Sunday, March 08, 2015

Teste do Plano Austral


Pedro J. Bondaczuk


O grande teste para o chamado Plano Austral, do presidente argentino, Raul Alfonsin, vai começar, de fato, a partir de agora. Do ponto de vista de controle da inflação, pelo menos a curto prazo, ele foi bem sucedido, fazendo com que as taxas milenares de junho passado decrescessem para toleráveis quatrocentos e poucos por cento.

Com a deflagração, ontem, da greve dos ferroviários, cresce a inquietação em outras categorias, até agora mantendo uma autodisciplina de causar inveja a todos nós, que vimos no corrente ano serem superados todos os recordes de paralisações de nossa história.

O congelamento de preços e salários, previsto pelo Plana Austral, penalizou, na verdade, só os trabalhadores. E de todas as formas. Ao provocar a recessão, a medida gerou, em conseqüência, dispensas em massa em diversas empresas, deixando mais pessoas desempregadas.

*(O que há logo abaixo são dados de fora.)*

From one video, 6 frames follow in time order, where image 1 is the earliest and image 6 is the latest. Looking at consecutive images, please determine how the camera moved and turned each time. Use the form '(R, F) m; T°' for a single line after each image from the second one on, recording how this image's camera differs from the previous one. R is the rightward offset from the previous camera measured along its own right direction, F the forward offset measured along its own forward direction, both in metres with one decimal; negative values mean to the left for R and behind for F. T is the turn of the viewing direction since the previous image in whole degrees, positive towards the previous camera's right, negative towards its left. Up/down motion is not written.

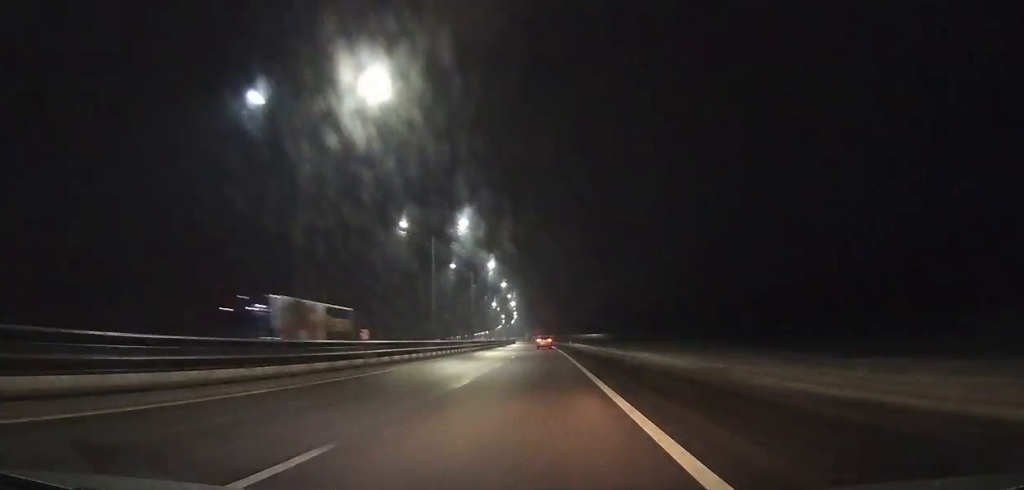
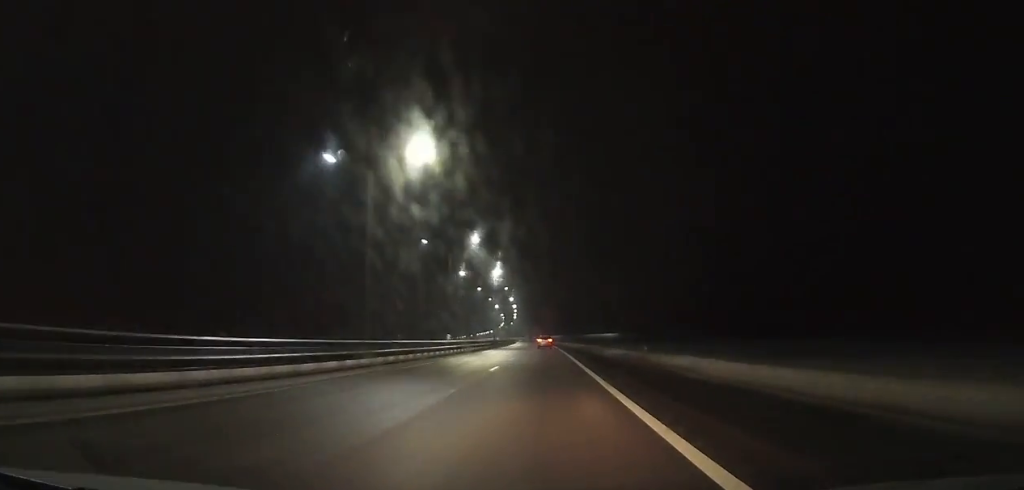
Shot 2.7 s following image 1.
(-0.8, +75.1) m; -1°
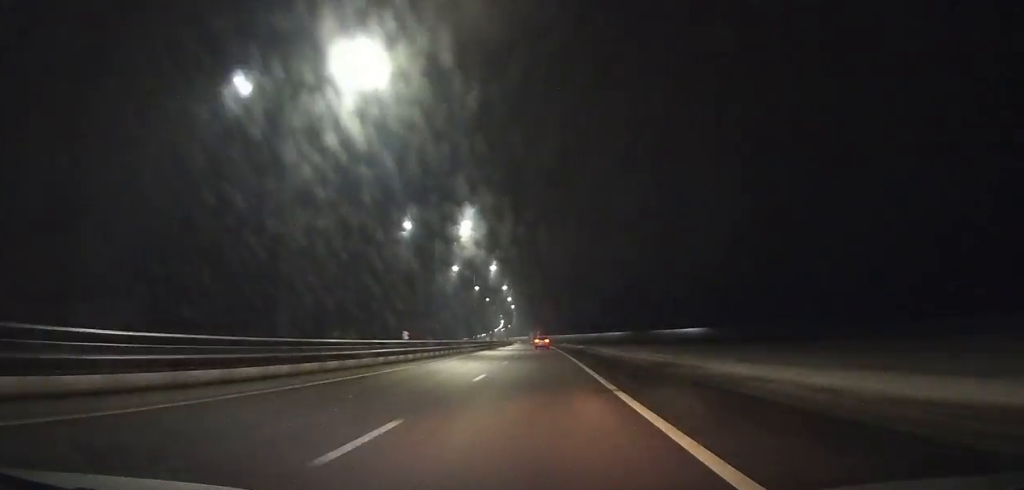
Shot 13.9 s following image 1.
(-13.2, +305.6) m; -5°
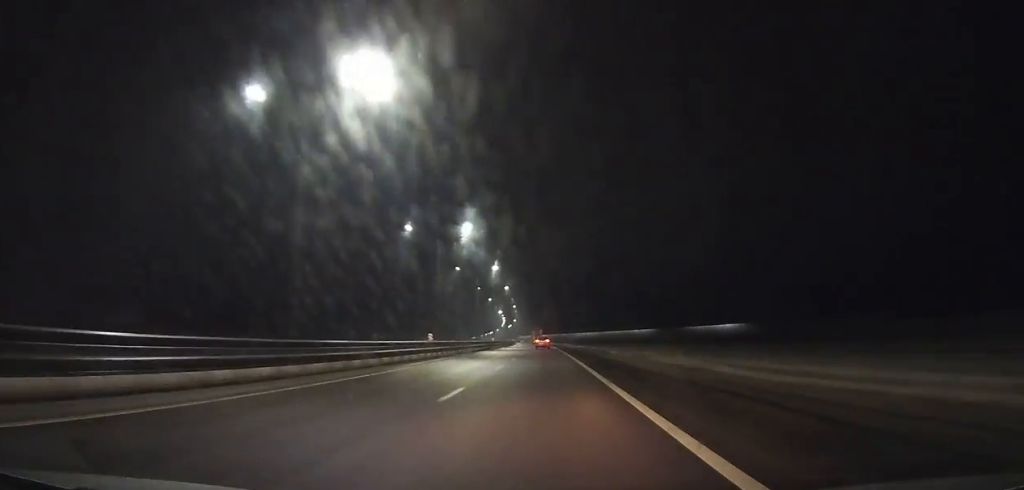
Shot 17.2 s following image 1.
(-1.4, +90.2) m; -2°
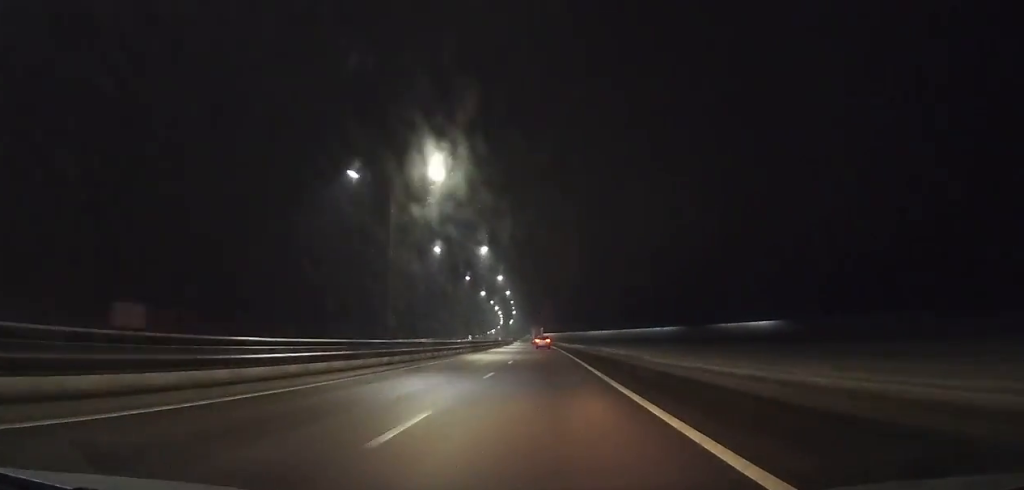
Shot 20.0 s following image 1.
(-0.9, +77.4) m; -1°
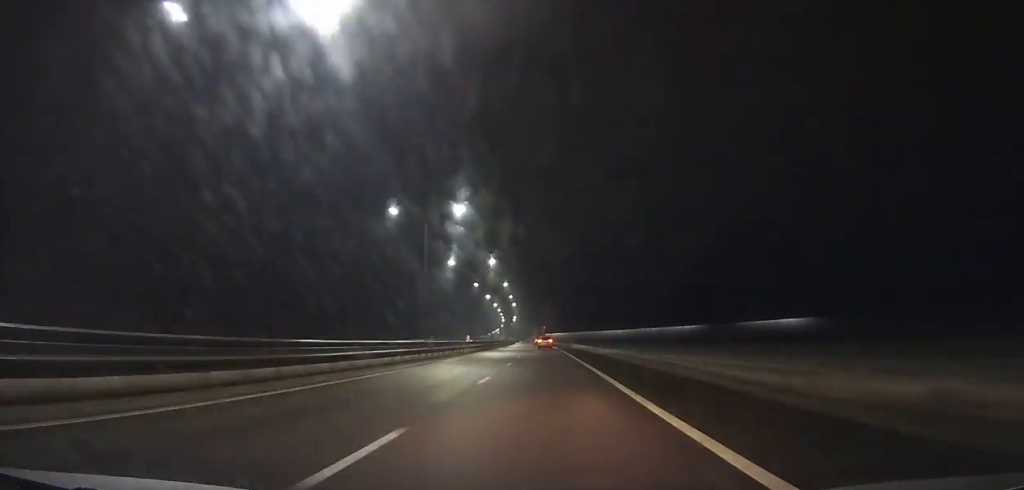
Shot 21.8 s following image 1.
(-0.1, +50.0) m; -1°

Como a inflação não foi zerada (a despeito dos principais produtos teoricamente não sofrerem mais aumentos), a corrosão salarial se acentuou. Antes mesmo da adoção da providência, os salários já estavam bem defasados. Há muito que eles não têm uma reposição dessas perdas continuadas.

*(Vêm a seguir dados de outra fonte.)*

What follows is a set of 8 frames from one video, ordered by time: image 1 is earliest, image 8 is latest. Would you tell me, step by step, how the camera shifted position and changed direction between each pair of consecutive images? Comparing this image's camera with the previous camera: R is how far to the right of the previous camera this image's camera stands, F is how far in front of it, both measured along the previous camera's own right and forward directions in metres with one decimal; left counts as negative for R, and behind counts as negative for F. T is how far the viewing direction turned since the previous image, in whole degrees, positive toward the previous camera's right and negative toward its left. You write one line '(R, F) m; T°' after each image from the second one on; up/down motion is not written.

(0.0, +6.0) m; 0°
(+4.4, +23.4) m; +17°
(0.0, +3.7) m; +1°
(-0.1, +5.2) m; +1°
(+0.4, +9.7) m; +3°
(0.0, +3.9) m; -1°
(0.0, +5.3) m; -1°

Na esteira da greve dos ferroviários podem vir paralisações de outras categorias, já que o presidente Raul Alfonsin só está disposto a conceder reajustes se estes não forem repassados ao consumidor. Como o empresário não aceita isso, e o seu poder de barganha atualmente é bem maior do que o dos operários, ficou estabelecido o impasse.

A greve, aliás, não assusta muito mais naquele país, desmoralizada que foi, em anos anteriores, por movimentos de cunho nitidamente político e não reivindicatório. Como os peronistas mostravam-se irreversivelmente divididos, conhecendo insucesso atrás de insucesso nas urnas, basta que se diga à população que qualquer eventual paralisação tem finalidades meramente contestatórias, para que ela corra riscos de terminar esvaziada.

O que se questiona é por quanto tempo o governo Alfonsin conseguirá manter a sua popularidade, mesmo impondo terríveis sacrifícios à população. Durante que prazo será possível segurar os preços, sem que se forme um mercado negro, sucessor natural de alguma estratégica escassez de produtos? Se é que isto já não está ocorrendo, pois ninguém apregoa este tipo de prática que se manifesta quase que automaticamente quando se procura segurar a inflação através do congelamento.

E ele pode perfeitamente anular todo o esforço governamental e tornar o sacrifício de hoje inútil, a longo prazo. Governo algum consegue conter, indefinidamente, de maneira artificial, preços e salários. Sempre chega o momento em que é obrigado a deixar que a própria sociedade estabeleça as suas regras comerciais. E nesse momento, tudo o que foi reprimido pode explodir de vez, como no caso de uma represa que retenha um volume de água muito superior à sua capacidade.

Chega o instante em que a pressão se torna irresistível. Daí para a ruptura e a catástrofe, é só um passo. Veja o leitor o exemplo brasileiro. Mediante um severo controle de preços, a Nova República conseguiu, no mês de abril, sem provocar qualquer recessão, registrar a menor taxa inflacionária de 23 meses.

O custo reprimido, todavia, foi fazendo cada vez maior pressão sobre esse dique estabelecido pelo CIP. Assim que se afrouxou o controle, veio o famoso estouro de agosto, com os desastrosos 14%.

Tudo leva a crer que o Plano Austral terminará, também, dessa maneira. Afinal, a prática dos últimos anos nos demonstrou (e somos peritos nesse assunto, obviamente), que não basta fazer apenas que a febre baixe para que o doente se cure. É preciso, antes de qualquer coisa, detectar o foco infeccioso causador do estado febril. Ou seja, chegar a suas causas. Se isso não for feito, vem, fatalmente, a recaída e a enfermidade tem como desfecho natural a morte.

(Artigo publicado na página 9, Internacional, do Correio Popular, em 20 de dezembro de 1985).